WHAT YOU HAVE TO DO |
From the first line to the last, retype everything below exactly, minus the pictures.

☆ ☆ ☆ ☆ ☆

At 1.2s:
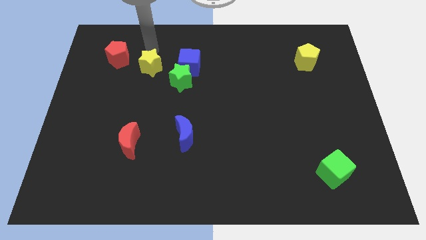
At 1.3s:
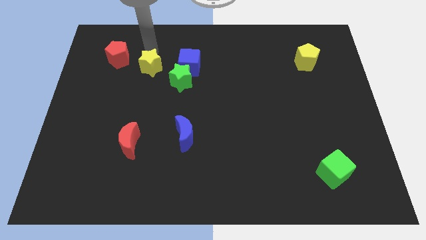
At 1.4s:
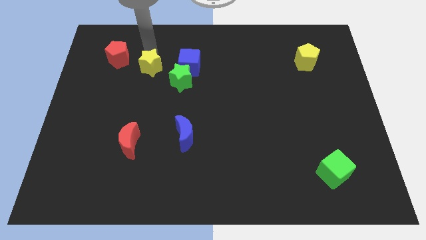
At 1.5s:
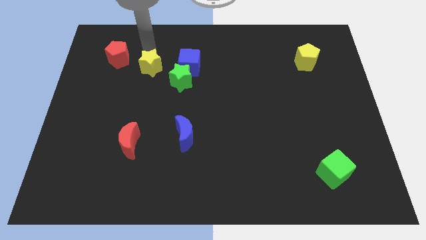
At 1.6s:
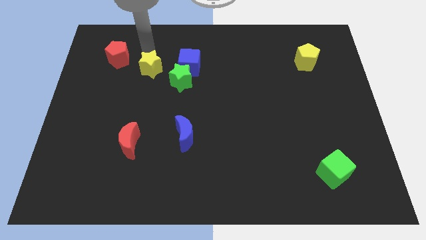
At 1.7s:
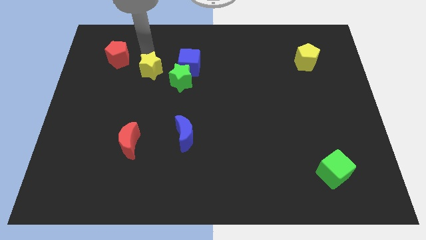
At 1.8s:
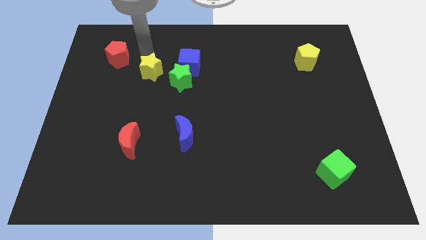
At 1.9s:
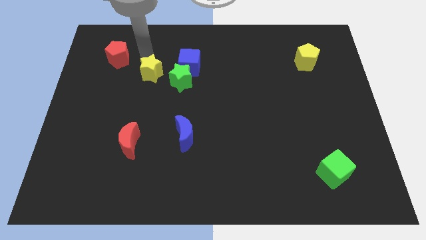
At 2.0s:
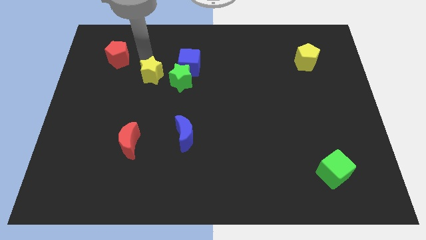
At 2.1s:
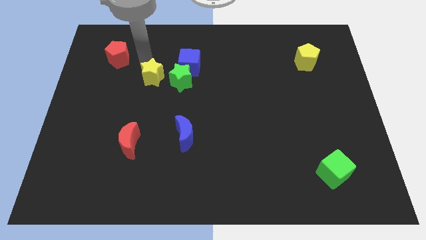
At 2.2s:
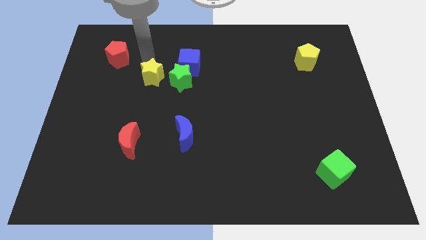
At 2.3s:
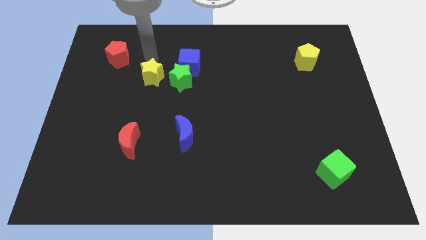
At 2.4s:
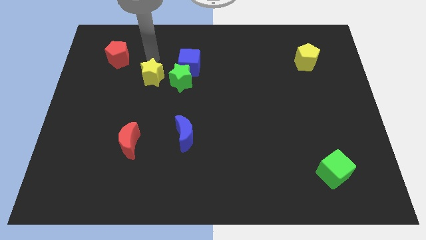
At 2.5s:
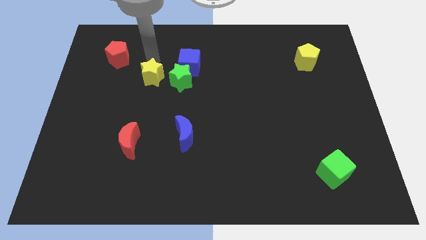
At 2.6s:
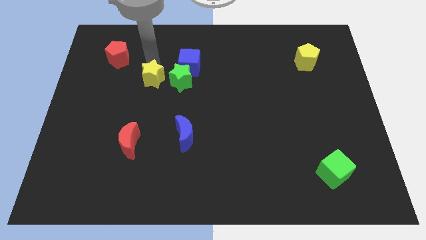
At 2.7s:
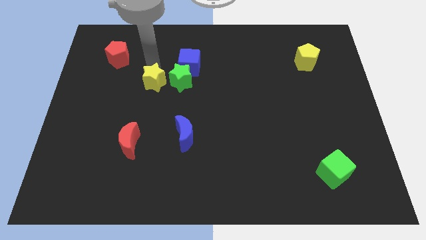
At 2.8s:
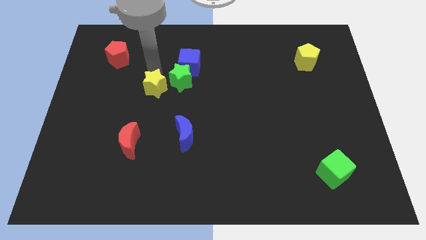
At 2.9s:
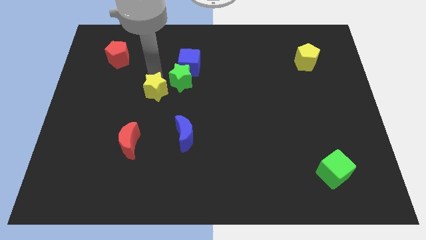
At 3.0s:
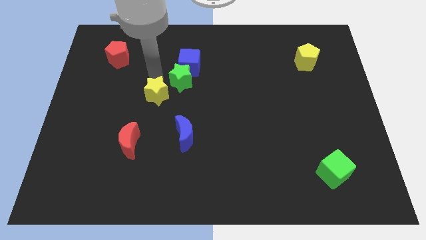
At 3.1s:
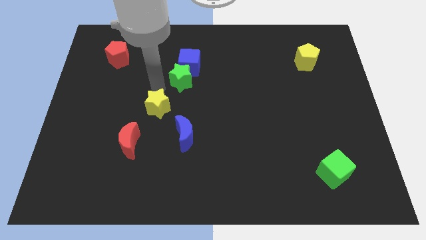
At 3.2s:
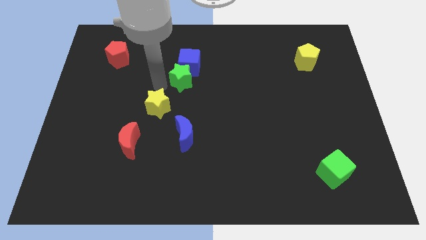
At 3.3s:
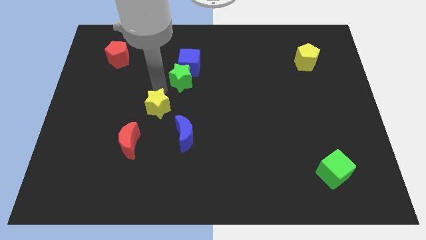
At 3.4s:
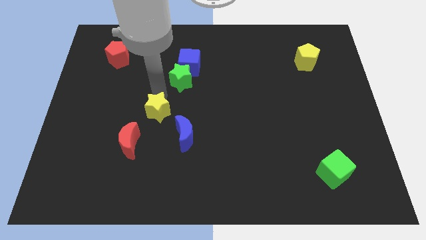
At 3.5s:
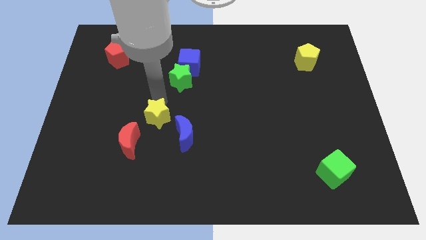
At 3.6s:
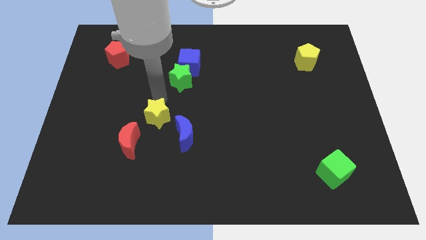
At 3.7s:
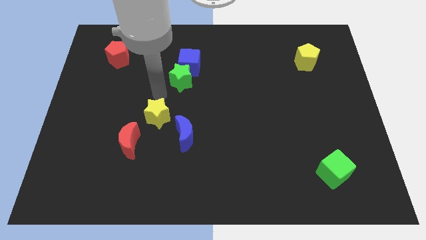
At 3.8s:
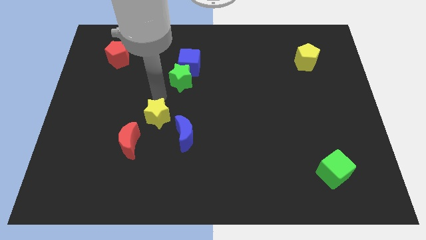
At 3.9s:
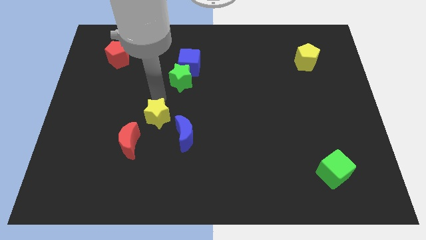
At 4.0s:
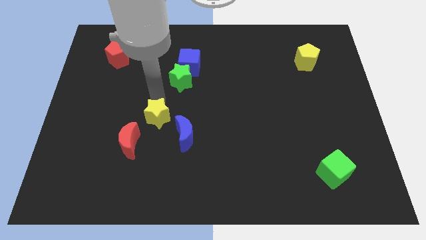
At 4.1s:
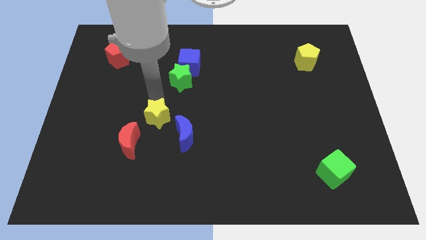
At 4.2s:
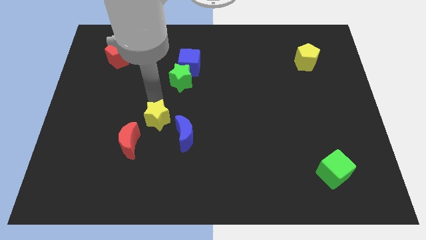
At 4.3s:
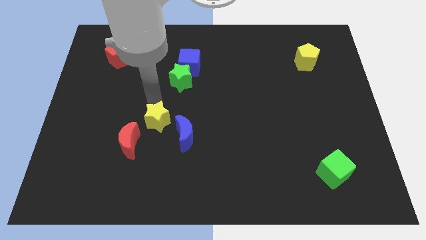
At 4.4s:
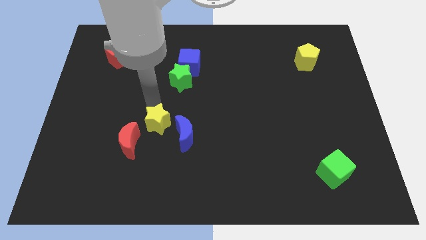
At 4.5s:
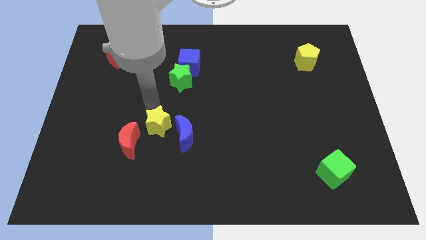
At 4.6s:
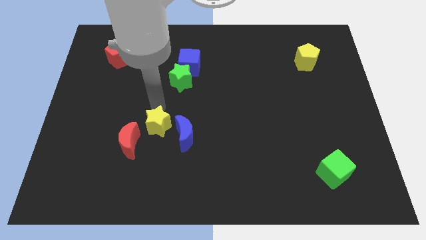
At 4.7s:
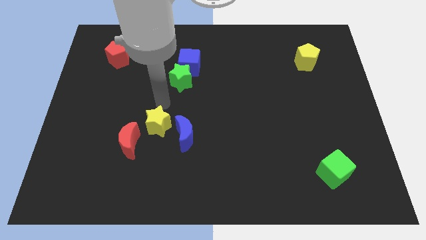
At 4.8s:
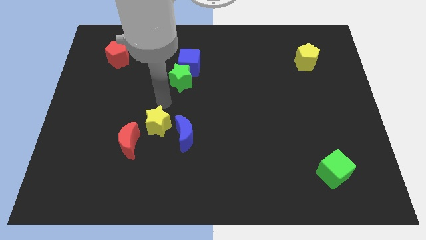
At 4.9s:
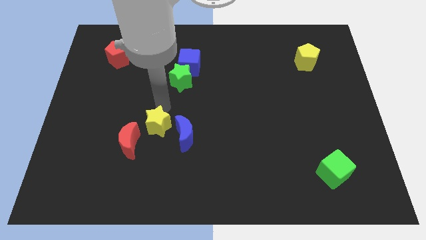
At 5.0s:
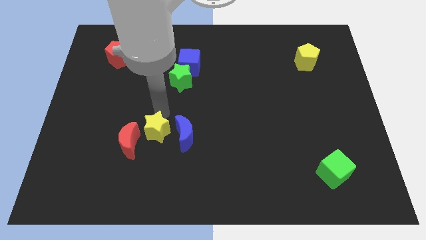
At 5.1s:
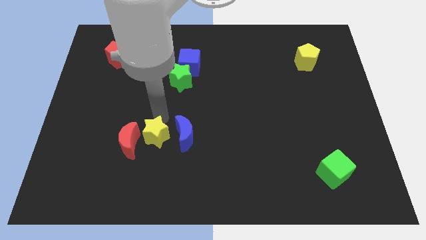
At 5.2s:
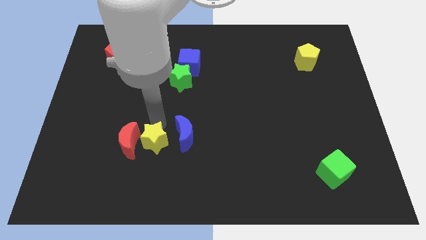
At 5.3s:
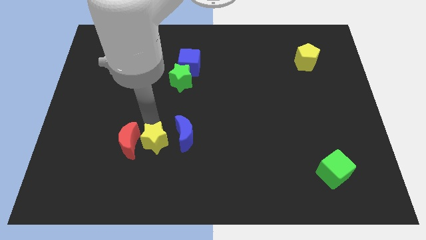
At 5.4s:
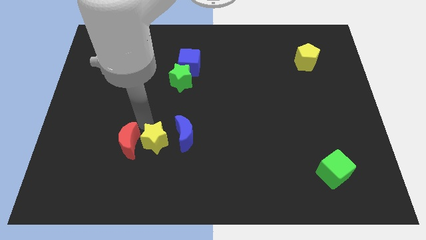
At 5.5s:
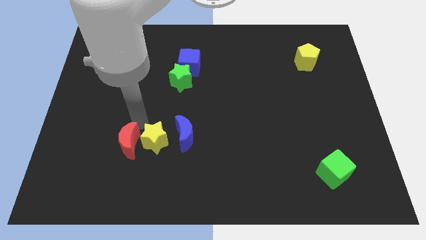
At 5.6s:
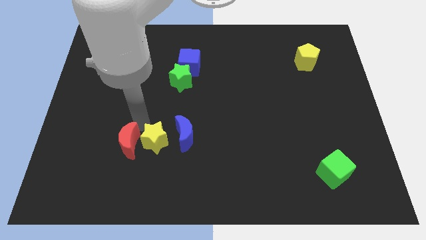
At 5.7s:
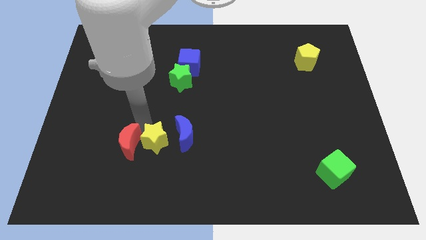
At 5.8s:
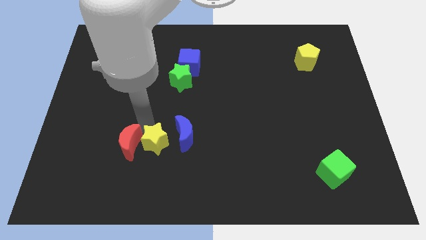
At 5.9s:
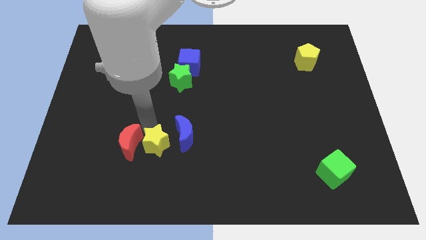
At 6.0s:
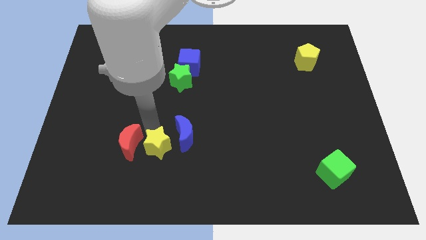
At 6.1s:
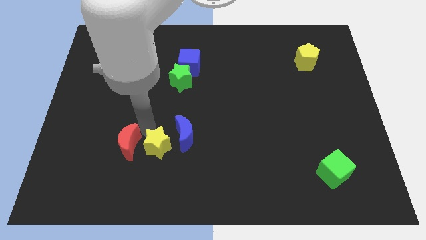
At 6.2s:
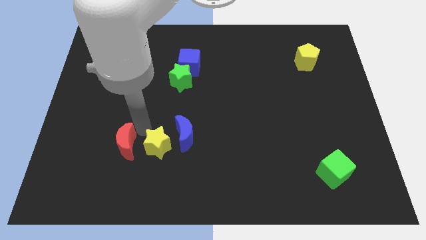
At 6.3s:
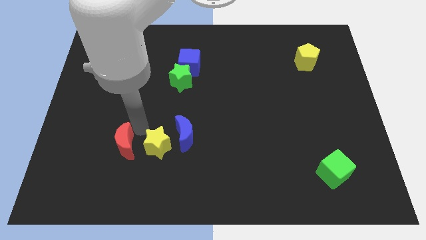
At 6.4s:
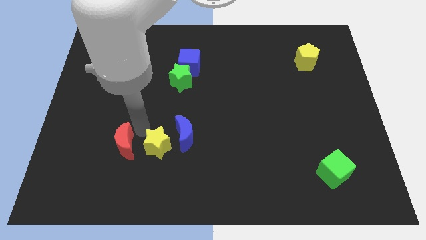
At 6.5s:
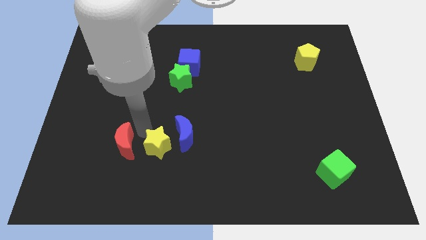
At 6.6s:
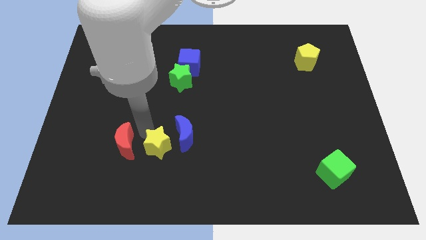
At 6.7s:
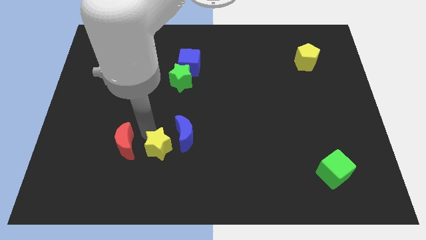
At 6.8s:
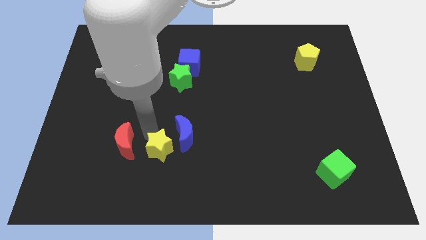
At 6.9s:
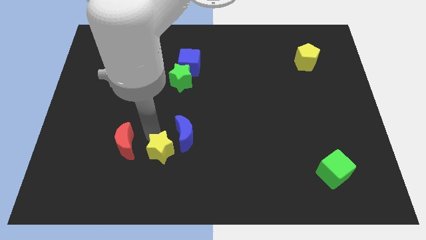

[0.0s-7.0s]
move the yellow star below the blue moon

☆ ☆ ☆ ☆ ☆

EXERCISE RESULT |
At 1.2s:
At 1.3s:
At 1.4s:
At 1.5s:
At 1.6s:
At 1.7s:
At 1.8s:
At 1.9s:
At 2.0s:
At 2.1s:
At 2.2s:
At 2.3s:
At 2.4s:
At 2.5s:
At 2.6s:
At 2.7s:
At 2.8s:
At 2.9s:
At 3.0s:
At 3.1s:
At 3.2s:
At 3.3s:
At 3.4s:
At 3.5s:
At 3.6s:
At 3.7s:
At 3.8s:
At 3.9s:
At 4.0s:
At 4.1s:
At 4.2s:
At 4.3s:
At 4.4s:
At 4.5s:
At 4.6s:
At 4.7s:
At 4.8s:
At 4.9s:
At 5.0s:
At 5.1s:
At 5.2s:
At 5.3s:
At 5.4s:
At 5.5s:
At 5.6s:
At 5.7s:
At 5.8s:
At 5.9s:
At 6.0s:
At 6.1s:
At 6.2s:
At 6.3s:
At 6.4s:
At 6.5s:
At 6.6s:
At 6.7s:
At 6.8s:
At 6.9s:

[0.0s-7.0s]
move the yellow star below the blue moon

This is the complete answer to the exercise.